#### EXERCISE GOAL
Of all the entries below, retype only the lines from the one with "རྒྱས་པ་ལ་སྟར་ཁ" through the one with "གཞན་ཡང་ཟས་སྣ་བ", exactly as they appear.

#### Data records
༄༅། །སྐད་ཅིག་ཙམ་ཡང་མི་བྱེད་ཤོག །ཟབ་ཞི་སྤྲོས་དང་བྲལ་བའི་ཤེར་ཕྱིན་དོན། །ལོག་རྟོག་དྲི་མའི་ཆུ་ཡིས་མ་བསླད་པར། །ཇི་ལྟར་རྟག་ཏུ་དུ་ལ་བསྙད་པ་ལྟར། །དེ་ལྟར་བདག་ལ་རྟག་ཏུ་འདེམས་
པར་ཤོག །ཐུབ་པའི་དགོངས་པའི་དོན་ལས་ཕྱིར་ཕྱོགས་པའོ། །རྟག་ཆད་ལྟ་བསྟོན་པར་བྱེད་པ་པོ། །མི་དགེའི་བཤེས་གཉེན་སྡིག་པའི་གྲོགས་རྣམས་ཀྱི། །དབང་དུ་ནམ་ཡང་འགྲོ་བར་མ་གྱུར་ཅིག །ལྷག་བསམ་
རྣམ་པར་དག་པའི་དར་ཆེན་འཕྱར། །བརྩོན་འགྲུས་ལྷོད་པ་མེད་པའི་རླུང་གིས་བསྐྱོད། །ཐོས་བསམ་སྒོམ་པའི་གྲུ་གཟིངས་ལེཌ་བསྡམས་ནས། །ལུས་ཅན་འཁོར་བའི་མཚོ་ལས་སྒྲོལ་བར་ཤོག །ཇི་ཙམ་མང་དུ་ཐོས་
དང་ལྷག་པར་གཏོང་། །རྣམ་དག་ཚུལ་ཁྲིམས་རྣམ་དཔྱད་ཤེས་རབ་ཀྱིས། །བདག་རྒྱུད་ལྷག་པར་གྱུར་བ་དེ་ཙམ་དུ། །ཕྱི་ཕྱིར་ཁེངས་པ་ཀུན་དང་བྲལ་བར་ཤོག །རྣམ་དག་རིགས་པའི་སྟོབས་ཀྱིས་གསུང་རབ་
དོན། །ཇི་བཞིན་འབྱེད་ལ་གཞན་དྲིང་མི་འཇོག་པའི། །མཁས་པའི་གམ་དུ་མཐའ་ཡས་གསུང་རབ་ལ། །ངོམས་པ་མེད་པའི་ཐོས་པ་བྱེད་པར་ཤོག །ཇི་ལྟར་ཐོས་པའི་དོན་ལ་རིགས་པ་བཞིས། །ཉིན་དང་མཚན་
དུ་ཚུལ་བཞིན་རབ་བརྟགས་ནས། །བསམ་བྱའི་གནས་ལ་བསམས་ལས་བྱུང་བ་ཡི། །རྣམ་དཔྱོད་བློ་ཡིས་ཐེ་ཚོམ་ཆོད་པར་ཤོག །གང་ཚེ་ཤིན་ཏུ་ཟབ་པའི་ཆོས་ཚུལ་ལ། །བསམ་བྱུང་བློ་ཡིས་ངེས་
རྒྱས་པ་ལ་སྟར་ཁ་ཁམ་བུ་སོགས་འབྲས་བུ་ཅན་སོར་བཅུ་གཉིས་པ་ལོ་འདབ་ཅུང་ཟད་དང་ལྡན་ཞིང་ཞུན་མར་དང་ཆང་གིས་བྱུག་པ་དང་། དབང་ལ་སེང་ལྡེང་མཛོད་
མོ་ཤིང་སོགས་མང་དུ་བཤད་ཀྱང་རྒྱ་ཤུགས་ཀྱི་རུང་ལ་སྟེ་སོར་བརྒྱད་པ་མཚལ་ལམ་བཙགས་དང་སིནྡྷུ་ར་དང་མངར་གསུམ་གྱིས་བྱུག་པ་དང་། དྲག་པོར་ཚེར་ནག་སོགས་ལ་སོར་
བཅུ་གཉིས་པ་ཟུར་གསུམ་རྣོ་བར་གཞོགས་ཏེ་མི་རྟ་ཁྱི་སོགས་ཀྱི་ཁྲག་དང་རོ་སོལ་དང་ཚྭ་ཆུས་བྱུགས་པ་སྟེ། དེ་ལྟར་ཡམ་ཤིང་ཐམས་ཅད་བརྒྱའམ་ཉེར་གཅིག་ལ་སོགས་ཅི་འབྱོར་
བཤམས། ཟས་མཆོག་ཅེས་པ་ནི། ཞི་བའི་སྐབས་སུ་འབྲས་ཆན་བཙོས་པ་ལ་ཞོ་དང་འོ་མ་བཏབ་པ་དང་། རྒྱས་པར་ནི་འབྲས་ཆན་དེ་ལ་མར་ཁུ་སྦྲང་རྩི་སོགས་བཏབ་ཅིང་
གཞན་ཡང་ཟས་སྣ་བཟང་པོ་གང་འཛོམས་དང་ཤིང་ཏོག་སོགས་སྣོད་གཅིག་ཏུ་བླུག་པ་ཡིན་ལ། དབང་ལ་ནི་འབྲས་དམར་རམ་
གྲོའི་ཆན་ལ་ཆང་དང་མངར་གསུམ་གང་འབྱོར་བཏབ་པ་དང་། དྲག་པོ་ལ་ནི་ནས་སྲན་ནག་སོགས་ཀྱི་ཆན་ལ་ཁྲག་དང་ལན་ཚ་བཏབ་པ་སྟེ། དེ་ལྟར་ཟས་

#### SOLUTION TO THIS EXERCISE
རྒྱས་པ་ལ་སྟར་ཁ་ཁམ་བུ་སོགས་འབྲས་བུ་ཅན་སོར་བཅུ་གཉིས་པ་ལོ་འདབ་ཅུང་ཟད་དང་ལྡན་ཞིང་ཞུན་མར་དང་ཆང་གིས་བྱུག་པ་དང་། དབང་ལ་སེང་ལྡེང་མཛོད་
མོ་ཤིང་སོགས་མང་དུ་བཤད་ཀྱང་རྒྱ་ཤུགས་ཀྱི་རུང་ལ་སྟེ་སོར་བརྒྱད་པ་མཚལ་ལམ་བཙགས་དང་སིནྡྷུ་ར་དང་མངར་གསུམ་གྱིས་བྱུག་པ་དང་། དྲག་པོར་ཚེར་ནག་སོགས་ལ་སོར་
བཅུ་གཉིས་པ་ཟུར་གསུམ་རྣོ་བར་གཞོགས་ཏེ་མི་རྟ་ཁྱི་སོགས་ཀྱི་ཁྲག་དང་རོ་སོལ་དང་ཚྭ་ཆུས་བྱུགས་པ་སྟེ། དེ་ལྟར་ཡམ་ཤིང་ཐམས་ཅད་བརྒྱའམ་ཉེར་གཅིག་ལ་སོགས་ཅི་འབྱོར་
བཤམས། ཟས་མཆོག་ཅེས་པ་ནི། ཞི་བའི་སྐབས་སུ་འབྲས་ཆན་བཙོས་པ་ལ་ཞོ་དང་འོ་མ་བཏབ་པ་དང་། རྒྱས་པར་ནི་འབྲས་ཆན་དེ་ལ་མར་ཁུ་སྦྲང་རྩི་སོགས་བཏབ་ཅིང་
གཞན་ཡང་ཟས་སྣ་བཟང་པོ་གང་འཛོམས་དང་ཤིང་ཏོག་སོགས་སྣོད་གཅིག་ཏུ་བླུག་པ་ཡིན་ལ། དབང་ལ་ནི་འབྲས་དམར་རམ་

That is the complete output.